Aqui na capital do país vejo muitas mulheres muçulmanas trabalhando em empresas, bancos e funções de atendimento, mas o que consigo perceber é que este avanço é só uma questão de obrigação, ou seja, a sociedade teve que ceder a novas leis e determinações, e não foi uma questão de conscientização de que realmente não há problema algum em mulheres desempenharem as mesmas funções que os homens e/ou terem atividades que não só a de dona de casa, mãe e esposa principalmente.

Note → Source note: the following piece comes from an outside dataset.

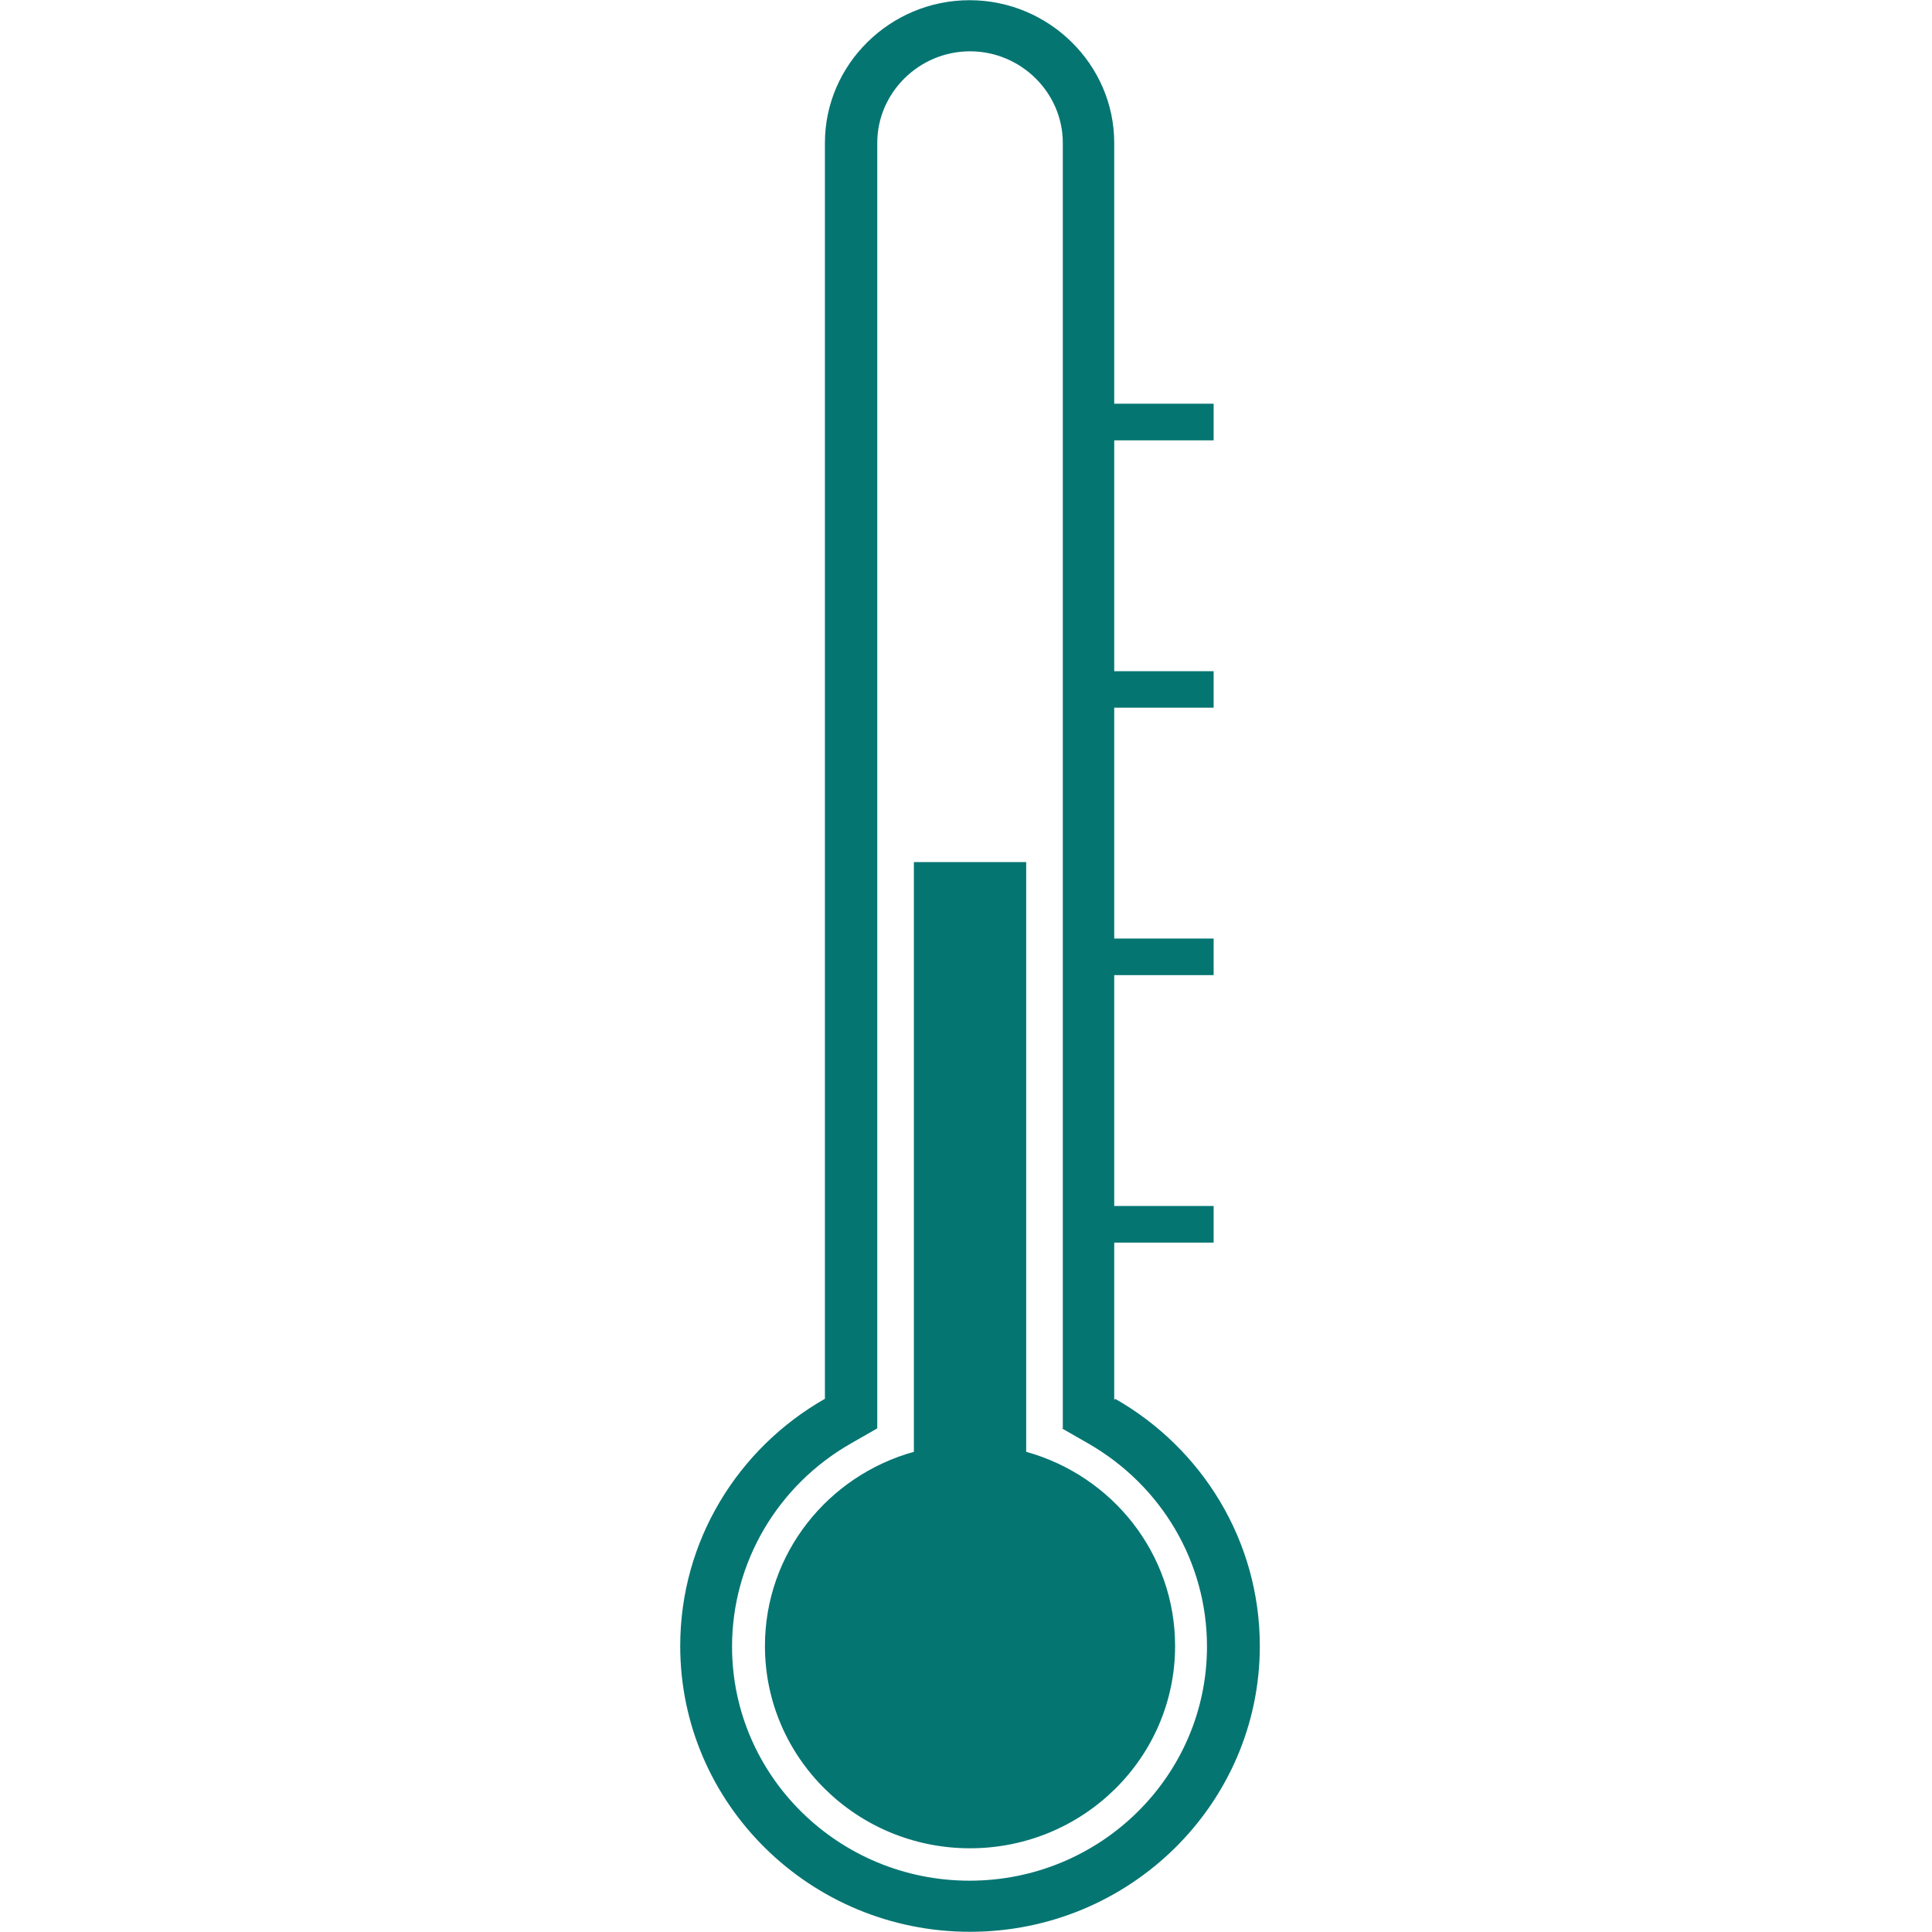 <?xml version="1.0" encoding="UTF-8"?> <svg xmlns="http://www.w3.org/2000/svg" width="75" height="75" viewBox="0 0 75 75" fill="none"> <path fill-rule="evenodd" clip-rule="evenodd" d="M43.289 54.301C46.652 56.215 48.906 59.801 48.906 63.898C48.906 70.019 43.863 74.992 37.656 74.992C31.449 74.992 26.406 70.019 26.406 63.898C26.406 59.801 28.66 56.215 32.023 54.301V5.547C32.023 2.504 34.551 0.008 37.637 0.008C40.723 0.008 43.254 2.504 43.254 5.547V15.672H47.113V17.094H43.254V26.055H47.113V27.473H43.254V36.434H47.113V37.855H43.254V46.816H47.113V48.238H43.254V54.355L43.289 54.301ZM39.836 56.359V33.465H35.477V56.359C32.133 57.289 29.695 60.312 29.695 63.898C29.695 68.234 33.258 71.75 37.656 71.75C42.051 71.75 45.617 68.234 45.617 63.898C45.617 60.312 43.18 57.289 39.836 56.359ZM41.258 55.449V5.547C41.258 3.598 39.633 1.992 37.656 1.992C35.68 1.992 34.055 3.598 34.055 5.547V55.449L33.039 56.031C30.191 57.652 28.418 60.656 28.418 63.918C28.418 68.945 32.559 73.008 37.637 73.008C42.734 73.008 46.855 68.926 46.855 63.918C46.855 60.656 45.102 57.672 42.238 56.031L41.223 55.449H41.258Z" fill="#057572"></path> </svg>

De uns anos para cá muito já foi feito em relação aos diretos das mulheres pelo governo federal se comparando a outras nações islâmicas. Um dos avanços foi a criação da lei contra violência domestica de 1994 (Domestic Violence Act), que tem como fim proteger a pessoa (mulher, criança ou homem) que sofreu algum tipo de violência. Porém este ato, além de não proteger mulheres solteiras (por exemplo, mulheres que tenham sido agredidas por um namorado não usufruem da lei), sofre com muitas falhas e atrasos em sua implementação, regulamentação e até mesmo o total descumprimento, segundo o Women’s Aid Organization. A linha tênue entre os direitos das mulheres, seu papel na sociedade e o papel que o Islã representa em suas vidas acaba por ser um obstáculo para o avanço na luta contra a discriminação e igualdade dos direitos das mulheres no país.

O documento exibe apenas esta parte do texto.